TASK REQUIREMENTS:
For each line in the data below that has the word "pine", copy that line.

GIVEN RECORDS:
──────

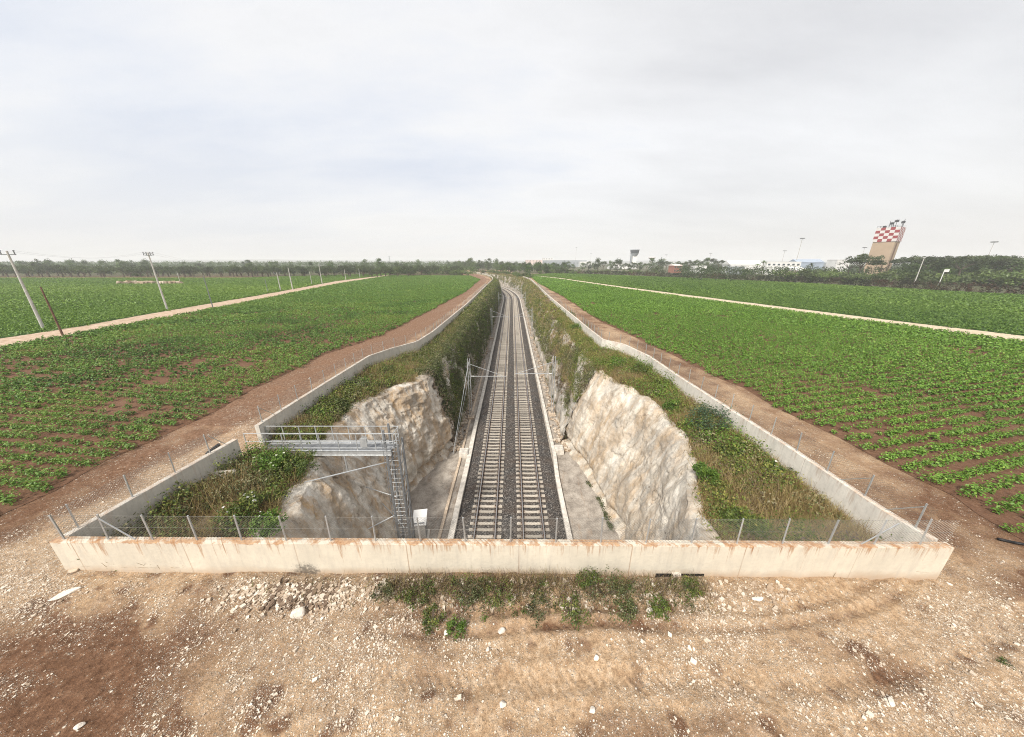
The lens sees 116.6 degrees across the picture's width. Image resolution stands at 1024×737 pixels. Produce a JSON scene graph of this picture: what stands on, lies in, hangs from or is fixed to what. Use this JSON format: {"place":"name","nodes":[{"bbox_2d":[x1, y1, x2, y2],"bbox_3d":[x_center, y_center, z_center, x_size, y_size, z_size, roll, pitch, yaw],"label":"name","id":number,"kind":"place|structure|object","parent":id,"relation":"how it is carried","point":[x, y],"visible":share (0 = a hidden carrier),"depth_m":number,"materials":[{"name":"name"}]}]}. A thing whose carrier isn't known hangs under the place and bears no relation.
{"place":"outdoors","nodes":[
{"label":"outdoors","id":0,"kind":"place"},
{"bbox_2d":[0,275,386,346],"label":"dirt road","id":1,"kind":"structure","parent":0,"point":[21,338],"depth_m":59.88,"materials":[{"name":"beige soil"}]},
{"bbox_2d":[0,273,388,337],"bbox_3d":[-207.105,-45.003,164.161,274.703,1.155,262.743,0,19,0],"label":"crop plants","id":2,"kind":"object","parent":0,"point":[84,296],"visible":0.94,"depth_m":98.46,"materials":[{"name":"green plant"}]},
{"bbox_2d":[0,282,476,514],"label":"field soil","id":3,"kind":"structure","parent":0,"point":[25,496],"depth_m":24.24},
{"bbox_2d":[0,275,480,505],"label":"crop plants","id":4,"kind":"object","parent":3,"relation":"on","point":[394,291],"visible":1,"depth_m":36.50,"materials":[{"name":"green plant"}]},
{"bbox_2d":[160,359,420,535],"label":"bank","id":5,"kind":"structure","parent":0,"point":[205,518],"depth_m":13.35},
{"bbox_2d":[244,506,288,537],"bbox_3d":[-9.761,6.228,12.636,1.403,0.921,1.236,4,19,13],"label":"shrub","id":6,"kind":"object","parent":5,"relation":"on","point":[270,515],"visible":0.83,"depth_m":12.52,"materials":[{"name":"green plant"}]},
{"bbox_2d":[77,271,502,577],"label":"undergrowth","id":7,"kind":"object","parent":5,"relation":"on","point":[203,497],"visible":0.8,"depth_m":20.42,"materials":[{"name":"green plant"}]},
{"bbox_2d":[220,489,270,521],"bbox_3d":[-11.353,5.788,13.549,1.568,1.175,1.566,2,19,6],"label":"shrub","id":8,"kind":"object","parent":7,"relation":"on","point":[244,500],"visible":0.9,"depth_m":13.36,"materials":[{"name":"green plant"}]},
{"bbox_2d":[246,446,290,474],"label":"shrub","id":9,"kind":"object","parent":7,"relation":"on","point":[279,458],"visible":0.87,"depth_m":15.92,"materials":[{"name":"green plant"}]},
{"bbox_2d":[323,394,349,407],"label":"shrub","id":10,"kind":"object","parent":5,"relation":"on","point":[336,399],"visible":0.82,"depth_m":22.94,"materials":[{"name":"green plant"}]},
{"bbox_2d":[251,371,453,537],"bbox_3d":[-9.433,7.751,23.288,6.564,9.152,23.400,0,19,0],"label":"rock face","id":11,"kind":"object","parent":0,"point":[412,410],"visible":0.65,"depth_m":22.06},
{"bbox_2d":[282,449,321,476],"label":"shrub","id":12,"kind":"object","parent":11,"relation":"on","point":[300,462],"visible":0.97,"depth_m":16.08,"materials":[{"name":"green plant"}]},
{"bbox_2d":[88,259,826,262],"bbox_3d":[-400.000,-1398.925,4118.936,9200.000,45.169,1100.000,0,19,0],"label":"hills","id":13,"kind":"structure","parent":0,"point":[263,260],"depth_m":3870.50,"materials":[{"name":"green plant"}]},
{"bbox_2d":[441,320,494,440],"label":"rock slope","id":14,"kind":"structure","parent":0,"point":[448,384],"depth_m":40.62,"materials":[{"name":"grey stone"}]},
{"bbox_2d":[0,263,1023,736],"bbox_3d":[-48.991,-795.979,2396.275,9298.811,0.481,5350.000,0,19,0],"label":"ground","id":15,"kind":"structure","parent":0,"point":[88,667],"depth_m":8.69,"materials":[{"name":"soil"}]},
{"bbox_2d":[0,250,44,328],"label":"utility pole","id":16,"kind":"object","parent":15,"relation":"on","point":[35,311],"visible":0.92,"depth_m":47.70,"materials":[{"name":"concrete"}]},
{"bbox_2d":[40,287,63,335],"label":"wooden pole","id":17,"kind":"object","parent":15,"relation":"on","point":[55,319],"visible":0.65,"depth_m":44.03,"materials":[{"name":"brown wood"}]},
{"bbox_2d":[48,587,81,600],"bbox_3d":[-14.112,7.099,9.986,0.666,0.090,0.260,-12,22,-32],"label":"rock","id":18,"kind":"object","parent":15,"relation":"on","point":[65,593],"visible":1,"depth_m":9.96,"materials":[{"name":"white stone"}]},
{"bbox_2d":[72,265,90,276],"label":"olive tree","id":19,"kind":"object","parent":15,"relation":"on","point":[84,269],"visible":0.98,"depth_m":222.89,"materials":[{"name":"green plant"}]},
{"bbox_2d":[90,266,111,276],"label":"olive tree","id":20,"kind":"object","parent":15,"relation":"on","point":[103,271],"visible":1,"depth_m":222.63,"materials":[{"name":"green plant"}]},
{"bbox_2d":[133,265,154,276],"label":"olive tree","id":21,"kind":"object","parent":15,"relation":"on","point":[146,270],"visible":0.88,"depth_m":225.43,"materials":[{"name":"green plant"}]},
{"bbox_2d":[63,439,242,536],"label":"concrete wall","id":22,"kind":"structure","parent":15,"relation":"on","point":[129,507],"depth_m":12.94,"materials":[{"name":"grey concrete"}]},
{"bbox_2d":[57,429,224,532],"bbox_3d":[-14.631,4.208,13.080,0.077,1.021,5.543,2,19,5],"label":"wire fence","id":23,"kind":"object","parent":22,"relation":"on","point":[128,487],"visible":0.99,"depth_m":12.29,"materials":[{"name":"metal"}]},
{"bbox_2d":[142,252,168,309],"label":"utility pole","id":24,"kind":"object","parent":15,"relation":"on","point":[161,292],"visible":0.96,"depth_m":67.37,"materials":[{"name":"concrete"}]},
{"bbox_2d":[0,260,549,274],"bbox_3d":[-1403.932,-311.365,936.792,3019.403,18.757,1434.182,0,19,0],"label":"grove","id":25,"kind":"object","parent":15,"relation":"on","point":[179,263],"visible":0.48,"depth_m":438.02,"materials":[{"name":"green plant"}]},
{"bbox_2d":[290,606,305,618],"bbox_3d":[-6.364,7.271,9.406,0.376,0.316,0.259,-6,19,-16],"label":"rock","id":26,"kind":"object","parent":15,"relation":"on","point":[298,612],"visible":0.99,"depth_m":9.32,"materials":[{"name":"white stone"}]},
{"bbox_2d":[254,272,492,445],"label":"concrete wall","id":27,"kind":"structure","parent":15,"relation":"on","point":[278,417],"depth_m":25.25,"materials":[{"name":"grey concrete"}]},
{"bbox_2d":[255,288,481,421],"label":"wire fence","id":28,"kind":"object","parent":27,"relation":"on","point":[349,364],"visible":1,"depth_m":26.39,"materials":[{"name":"metal"}]},
{"bbox_2d":[369,578,395,603],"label":"weed","id":29,"kind":"object","parent":15,"relation":"on","point":[389,592],"visible":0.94,"depth_m":9.78,"materials":[{"name":"green plant"}]},
{"bbox_2d":[394,581,428,605],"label":"weed","id":30,"kind":"object","parent":15,"relation":"on","point":[408,600],"visible":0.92,"depth_m":9.69,"materials":[{"name":"green plant"}]},
{"bbox_2d":[421,602,446,638],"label":"weed","id":31,"kind":"object","parent":15,"relation":"on","point":[429,627],"visible":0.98,"depth_m":9.18,"materials":[{"name":"green plant"}]},
{"bbox_2d":[445,613,466,640],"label":"weed","id":32,"kind":"object","parent":15,"relation":"on","point":[460,626],"visible":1,"depth_m":9.02,"materials":[{"name":"green plant"}]},
{"bbox_2d":[209,563,719,628],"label":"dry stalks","id":33,"kind":"object","parent":15,"relation":"on","point":[645,586],"visible":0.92,"depth_m":9.95,"materials":[{"name":"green plant"}]},
{"bbox_2d":[459,576,485,611],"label":"weed","id":34,"kind":"object","parent":15,"relation":"on","point":[473,592],"visible":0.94,"depth_m":9.73,"materials":[{"name":"green plant"}]},
{"bbox_2d":[482,574,518,611],"bbox_3d":[-0.411,6.949,9.722,1.053,0.633,1.228,-10,21,-28],"label":"weed","id":35,"kind":"object","parent":15,"relation":"on","point":[508,597],"visible":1,"depth_m":9.61,"materials":[{"name":"green plant"}]},
{"bbox_2d":[49,536,954,580],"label":"concrete wall","id":36,"kind":"structure","parent":15,"relation":"on","point":[800,559],"depth_m":10.37,"materials":[{"name":"beige concrete"}]},
{"bbox_2d":[43,514,958,544],"bbox_3d":[-0.475,5.193,10.153,29.054,1.021,0.117,0,19,0],"label":"wire fence","id":37,"kind":"object","parent":36,"relation":"on","point":[100,520],"visible":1,"depth_m":10.15,"materials":[{"name":"metal"}]},
{"bbox_2d":[655,573,703,576],"bbox_3d":[5.600,6.972,10.603,1.600,0.300,0.080,0,19,0],"label":"drain opening","id":38,"kind":"object","parent":36,"relation":"attached to","point":[666,574],"visible":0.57,"depth_m":10.54,"materials":[{"name":"black plastic"}]},
{"bbox_2d":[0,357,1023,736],"bbox_3d":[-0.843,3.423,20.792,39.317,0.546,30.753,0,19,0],"label":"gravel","id":39,"kind":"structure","parent":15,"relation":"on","point":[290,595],"depth_m":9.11,"materials":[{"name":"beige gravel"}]},
{"bbox_2d":[515,581,555,627],"bbox_3d":[0.755,7.139,9.636,1.036,0.589,1.408,-8,20,-21],"label":"weed","id":40,"kind":"object","parent":15,"relation":"on","point":[536,614],"visible":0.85,"depth_m":9.43,"materials":[{"name":"green plant"}]},
{"bbox_2d":[408,570,699,622],"bbox_3d":[1.310,7.044,9.813,8.912,0.747,1.439,0,19,0],"label":"weed growth","id":41,"kind":"object","parent":15,"relation":"on","point":[544,583],"visible":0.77,"depth_m":9.83,"materials":[{"name":"green plant"}]},
{"bbox_2d":[543,260,586,266],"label":"terminal","id":42,"kind":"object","parent":15,"relation":"on","point":[575,263],"visible":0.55,"depth_m":705.64,"materials":[{"name":"white glass"}]},
{"bbox_2d":[553,589,594,630],"bbox_3d":[1.837,7.153,9.407,1.070,0.620,1.126,-5,19,-15],"label":"weed","id":43,"kind":"object","parent":15,"relation":"on","point":[575,613],"visible":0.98,"depth_m":9.25,"materials":[{"name":"green plant"}]},
{"bbox_2d":[574,566,602,589],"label":"weed","id":44,"kind":"object","parent":15,"relation":"on","point":[584,583],"visible":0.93,"depth_m":10.05,"materials":[{"name":"green plant"}]},
{"bbox_2d":[582,566,630,608],"bbox_3d":[2.936,6.792,9.842,1.578,0.797,1.172,0,19,1],"label":"weed","id":45,"kind":"object","parent":15,"relation":"on","point":[620,589],"visible":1,"depth_m":9.73,"materials":[{"name":"green plant"}]},
{"bbox_2d":[615,592,638,625],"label":"weed","id":46,"kind":"object","parent":15,"relation":"on","point":[628,604],"visible":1,"depth_m":9.38,"materials":[{"name":"green plant"}]},
{"bbox_2d":[647,592,671,621],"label":"weed","id":47,"kind":"object","parent":15,"relation":"on","point":[660,609],"visible":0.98,"depth_m":9.38,"materials":[{"name":"green plant"}]},
{"bbox_2d":[668,264,682,272],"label":"house","id":48,"kind":"structure","parent":15,"relation":"on","point":[671,268],"depth_m":311.94,"materials":[{"name":"pink paint"}]},
{"bbox_2d":[680,574,704,597],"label":"weed","id":49,"kind":"object","parent":15,"relation":"on","point":[688,580],"visible":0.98,"depth_m":9.94,"materials":[{"name":"green plant"}]},
{"bbox_2d":[523,276,937,541],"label":"concrete wall","id":50,"kind":"structure","parent":15,"relation":"on","point":[857,503],"depth_m":14.83,"materials":[{"name":"grey concrete"}]},
{"bbox_2d":[538,283,935,531],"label":"wire fence","id":51,"kind":"object","parent":50,"relation":"on","point":[870,483],"visible":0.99,"depth_m":15.16,"materials":[{"name":"metal"}]},
{"bbox_2d":[721,261,762,272],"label":"hangar","id":52,"kind":"structure","parent":15,"relation":"on","point":[750,264],"depth_m":279.25,"materials":[{"name":"white paint"}]},
{"bbox_2d":[762,262,800,273],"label":"building","id":53,"kind":"structure","parent":15,"relation":"on","point":[782,264],"depth_m":269.45,"materials":[{"name":"white concrete"}]},
{"bbox_2d":[769,268,799,280],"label":"bushy tree","id":54,"kind":"object","parent":15,"relation":"on","point":[790,273],"visible":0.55,"depth_m":175.13,"materials":[{"name":"green plant"}]},
{"bbox_2d":[554,269,1023,293],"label":"hedge","id":55,"kind":"object","parent":15,"relation":"on","point":[875,282],"visible":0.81,"depth_m":135.10,"materials":[{"name":"green plant"}]},
{"bbox_2d":[793,268,817,280],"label":"bushy tree","id":56,"kind":"object","parent":15,"relation":"on","point":[802,272],"visible":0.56,"depth_m":174.57,"materials":[{"name":"green plant"}]},
{"bbox_2d":[789,259,823,270],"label":"shed","id":57,"kind":"structure","parent":15,"relation":"on","point":[804,262],"depth_m":279.75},
{"bbox_2d":[816,268,852,281],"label":"bushy tree","id":58,"kind":"object","parent":15,"relation":"on","point":[832,274],"visible":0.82,"depth_m":166.45,"materials":[{"name":"green plant"}]},
{"bbox_2d":[825,260,849,271],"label":"building","id":59,"kind":"structure","parent":15,"relation":"on","point":[831,263],"depth_m":262.70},
{"bbox_2d":[674,263,1016,280],"bbox_3d":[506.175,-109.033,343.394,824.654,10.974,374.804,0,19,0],"label":"wood","id":60,"kind":"object","parent":15,"relation":"on","point":[714,268],"visible":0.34,"depth_m":198.13,"materials":[{"name":"green plant"}]},
{"bbox_2d":[844,253,884,272],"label":"umbrella pine","id":61,"kind":"object","parent":15,"relation":"on","point":[863,257],"visible":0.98,"depth_m":177.45,"materials":[{"name":"green plant"}]},
{"bbox_2d":[862,272,896,282],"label":"bushy tree","id":62,"kind":"object","parent":15,"relation":"on","point":[880,274],"visible":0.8,"depth_m":155.05,"materials":[{"name":"green plant"}]},
{"bbox_2d":[865,259,899,271],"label":"umbrella pine","id":63,"kind":"object","parent":15,"relation":"on","point":[876,262],"visible":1,"depth_m":172.00,"materials":[{"name":"green plant"}]},
{"bbox_2d":[863,220,905,273],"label":"checkered tower","id":64,"kind":"structure","parent":15,"relation":"on","point":[886,241],"depth_m":218.72,"materials":[{"name":"multicoloured concrete"}]},
{"bbox_2d":[876,269,917,282],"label":"bushy tree","id":65,"kind":"object","parent":15,"relation":"on","point":[900,275],"visible":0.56,"depth_m":154.36,"materials":[{"name":"green plant"}]},
{"bbox_2d":[897,262,930,278],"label":"broadleaf tree","id":66,"kind":"object","parent":15,"relation":"on","point":[915,265],"visible":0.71,"depth_m":152.35,"materials":[{"name":"green plant"}]},
{"bbox_2d":[910,270,944,284],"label":"bushy tree","id":67,"kind":"object","parent":15,"relation":"on","point":[923,277],"visible":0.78,"depth_m":146.59,"materials":[{"name":"green plant"}]},
{"bbox_2d":[910,257,948,268],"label":"umbrella pine","id":68,"kind":"object","parent":15,"relation":"on","point":[934,261],"visible":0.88,"depth_m":168.67,"materials":[{"name":"green plant"}]},
{"bbox_2d":[927,262,956,275],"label":"broadleaf tree","id":69,"kind":"object","parent":15,"relation":"on","point":[936,268],"visible":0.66,"depth_m":167.54,"materials":[{"name":"green plant"}]},
{"bbox_2d":[942,274,964,284],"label":"bushy tree","id":70,"kind":"object","parent":15,"relation":"on","point":[950,278],"visible":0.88,"depth_m":145.97,"materials":[{"name":"green plant"}]},
{"bbox_2d":[942,256,990,274],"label":"umbrella pine","id":71,"kind":"object","parent":15,"relation":"on","point":[967,260],"visible":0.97,"depth_m":161.75,"materials":[{"name":"green plant"}]},
{"bbox_2d":[961,262,993,278],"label":"broadleaf tree","id":72,"kind":"object","parent":15,"relation":"on","point":[977,267],"visible":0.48,"depth_m":162.31,"materials":[{"name":"green plant"}]},
{"bbox_2d":[958,269,1008,284],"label":"bushy tree","id":73,"kind":"object","parent":15,"relation":"on","point":[995,278],"visible":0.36,"depth_m":136.84,"materials":[{"name":"green plant"}]},
{"bbox_2d":[958,268,1009,285],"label":"bushy tree","id":74,"kind":"object","parent":15,"relation":"on","point":[973,279],"visible":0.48,"depth_m":141.40,"materials":[{"name":"green plant"}]},
{"bbox_2d":[969,258,1020,268],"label":"umbrella pine","id":75,"kind":"object","parent":15,"relation":"on","point":[999,262],"visible":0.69,"depth_m":161.04,"materials":[{"name":"green plant"}]},
{"bbox_2d":[974,269,1023,286],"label":"bushy tree","id":76,"kind":"object","parent":15,"relation":"on","point":[1008,278],"visible":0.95,"depth_m":132.17,"materials":[{"name":"green plant"}]},
{"bbox_2d":[995,258,1023,272],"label":"broadleaf tree","id":77,"kind":"object","parent":15,"relation":"on","point":[1018,268],"visible":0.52,"depth_m":160.76,"materials":[{"name":"green plant"}]},
{"bbox_2d":[0,0,1023,272],"label":"sky","id":78,"kind":"structure","parent":0,"point":[355,130],"materials":[{"name":"white"}]},
{"bbox_2d":[404,286,620,539],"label":"cutting floor","id":79,"kind":"structure","parent":0,"point":[430,492],"depth_m":27.98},
{"bbox_2d":[243,423,415,537],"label":"access platform","id":80,"kind":"structure","parent":79,"relation":"on","point":[362,446],"depth_m":18.03,"materials":[{"name":"grey metal"}]},
{"bbox_2d":[413,509,429,538],"bbox_3d":[-6.550,11.407,22.726,1.000,2.180,1.200,-3,19,-8],"label":"service cabinet","id":81,"kind":"object","parent":79,"relation":"on","point":[421,514],"visible":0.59,"depth_m":22.42,"materials":[{"name":"grey metal"}]},
{"bbox_2d":[437,363,485,538],"bbox_3d":[-5.299,7.271,38.215,0.285,0.340,52.000,0,19,0],"label":"ditch edging","id":82,"kind":"object","parent":79,"relation":"on","point":[450,496],"visible":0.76,"depth_m":29.44,"materials":[{"name":"beige concrete"}]},
{"bbox_2d":[459,448,468,458],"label":"concrete block","id":83,"kind":"structure","parent":79,"relation":"on","point":[463,453],"depth_m":32.40,"materials":[{"name":"grey concrete"}]},
{"bbox_2d":[447,296,503,538],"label":"trough kerb","id":84,"kind":"structure","parent":79,"relation":"on","point":[456,512],"depth_m":31.93,"materials":[{"name":"concrete"}]},
{"bbox_2d":[453,359,505,452],"bbox_3d":[-3.435,3.960,35.594,4.998,8.112,8.691,1,19,3],"label":"catenary mast","id":85,"kind":"object","parent":79,"relation":"on","point":[471,417],"visible":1,"depth_m":38.79,"materials":[{"name":"metal"}]},
{"bbox_2d":[448,309,570,451],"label":"rubble","id":86,"kind":"object","parent":79,"relation":"on","point":[460,438],"visible":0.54,"depth_m":40.34,"materials":[{"name":"stone"}]},
{"bbox_2d":[454,287,566,538],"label":"ballast","id":87,"kind":"structure","parent":79,"relation":"on","point":[509,503],"depth_m":31.82,"materials":[{"name":"grey gravel"}]},
{"bbox_2d":[468,289,509,538],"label":"railway track","id":88,"kind":"structure","parent":87,"relation":"on","point":[506,325],"depth_m":33.66,"materials":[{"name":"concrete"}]},
{"bbox_2d":[501,287,549,538],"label":"railway track","id":89,"kind":"structure","parent":87,"relation":"on","point":[516,326],"depth_m":33.59,"materials":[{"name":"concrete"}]},
{"bbox_2d":[515,356,555,416],"bbox_3d":[3.044,2.353,40.360,5.288,8.107,0.865,0,19,0],"label":"catenary mast","id":90,"kind":"object","parent":79,"relation":"on","point":[551,413],"visible":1,"depth_m":39.98,"materials":[{"name":"metal"}]},
{"bbox_2d":[501,286,572,538],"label":"trough kerb","id":91,"kind":"structure","parent":79,"relation":"on","point":[561,497],"depth_m":32.71,"materials":[{"name":"concrete"}]},
{"bbox_2d":[554,445,563,454],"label":"concrete block","id":92,"kind":"structure","parent":79,"relation":"on","point":[559,449],"depth_m":32.93,"materials":[{"name":"grey concrete"}]},
{"bbox_2d":[464,271,595,442],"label":"rock slope","id":93,"kind":"structure","parent":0,"point":[560,410],"depth_m":44.04,"materials":[{"name":"grey stone"}]},
{"bbox_2d":[630,249,639,262],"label":"control tower","id":94,"kind":"structure","parent":0,"point":[634,253],"depth_m":524.23,"materials":[{"name":"white paint"}]},
{"bbox_2d":[564,370,720,539],"bbox_3d":[8.855,7.728,23.360,5.219,9.150,23.448,-1,19,-3],"label":"rock face","id":95,"kind":"object","parent":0,"point":[626,453],"visible":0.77,"depth_m":23.54},
{"bbox_2d":[534,275,1023,340],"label":"dirt path","id":96,"kind":"structure","parent":0,"point":[994,334],"depth_m":59.88,"materials":[{"name":"beige soil"}]},
{"bbox_2d":[542,285,1023,540],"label":"field soil","id":97,"kind":"structure","parent":0,"point":[975,504],"depth_m":21.30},
{"bbox_2d":[531,276,1023,532],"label":"crop plants","id":98,"kind":"object","parent":97,"relation":"on","point":[640,299],"visible":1,"depth_m":33.25,"materials":[{"name":"green plant"}]},
{"bbox_2d":[585,281,1023,335],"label":"field","id":99,"kind":"structure","parent":0,"point":[927,323],"depth_m":62.29,"materials":[{"name":"plant"}]},
{"bbox_2d":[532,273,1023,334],"bbox_3d":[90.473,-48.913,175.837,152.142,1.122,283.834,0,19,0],"label":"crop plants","id":100,"kind":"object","parent":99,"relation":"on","point":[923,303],"visible":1,"depth_m":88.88,"materials":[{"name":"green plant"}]},
{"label":"bank","id":101,"kind":"structure","parent":0,"visible":0},
{"bbox_2d":[629,362,652,374],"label":"shrub","id":102,"kind":"object","parent":101,"relation":"on","point":[643,368],"visible":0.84,"depth_m":29.27,"materials":[{"name":"green plant"}]},
{"bbox_2d":[487,272,926,576],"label":"undergrowth","id":103,"kind":"object","parent":101,"relation":"on","point":[745,479],"visible":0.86,"depth_m":17.14,"materials":[{"name":"green plant"}]},
{"bbox_2d":[660,399,680,410],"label":"shrub","id":104,"kind":"object","parent":103,"relation":"on","point":[671,402],"visible":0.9,"depth_m":22.86,"materials":[{"name":"green plant"}]},
{"bbox_2d":[692,461,721,485],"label":"shrub","id":105,"kind":"object","parent":103,"relation":"on","point":[700,469],"visible":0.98,"depth_m":15.44,"materials":[{"name":"green plant"}]},
{"bbox_2d":[720,501,776,539],"bbox_3d":[9.404,6.136,12.677,1.640,1.073,1.685,-5,19,-14],"label":"shrub","id":106,"kind":"object","parent":103,"relation":"on","point":[731,513],"visible":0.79,"depth_m":12.70,"materials":[{"name":"green plant"}]},
{"bbox_2d":[681,400,743,434],"bbox_3d":[12.722,3.195,19.867,3.357,2.068,2.873,-7,20,-20],"label":"shrub","id":107,"kind":"object","parent":101,"relation":"on","point":[704,415],"visible":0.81,"depth_m":19.70,"materials":[{"name":"green plant"}]},
{"bbox_2d":[713,442,738,458],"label":"shrub","id":108,"kind":"object","parent":101,"relation":"on","point":[722,447],"visible":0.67,"depth_m":17.32,"materials":[{"name":"green plant"}]},
{"bbox_2d":[762,458,798,479],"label":"shrub","id":109,"kind":"object","parent":101,"relation":"on","point":[775,462],"visible":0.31,"depth_m":15.47,"materials":[{"name":"green plant"}]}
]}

──────

TASK RESULT:
{"bbox_2d":[844,253,884,272],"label":"umbrella pine","id":61,"kind":"object","parent":15,"relation":"on","point":[863,257],"visible":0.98,"depth_m":177.45,"materials":[{"name":"green plant"}]},
{"bbox_2d":[865,259,899,271],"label":"umbrella pine","id":63,"kind":"object","parent":15,"relation":"on","point":[876,262],"visible":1,"depth_m":172.00,"materials":[{"name":"green plant"}]},
{"bbox_2d":[910,257,948,268],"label":"umbrella pine","id":68,"kind":"object","parent":15,"relation":"on","point":[934,261],"visible":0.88,"depth_m":168.67,"materials":[{"name":"green plant"}]},
{"bbox_2d":[942,256,990,274],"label":"umbrella pine","id":71,"kind":"object","parent":15,"relation":"on","point":[967,260],"visible":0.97,"depth_m":161.75,"materials":[{"name":"green plant"}]},
{"bbox_2d":[969,258,1020,268],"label":"umbrella pine","id":75,"kind":"object","parent":15,"relation":"on","point":[999,262],"visible":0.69,"depth_m":161.04,"materials":[{"name":"green plant"}]},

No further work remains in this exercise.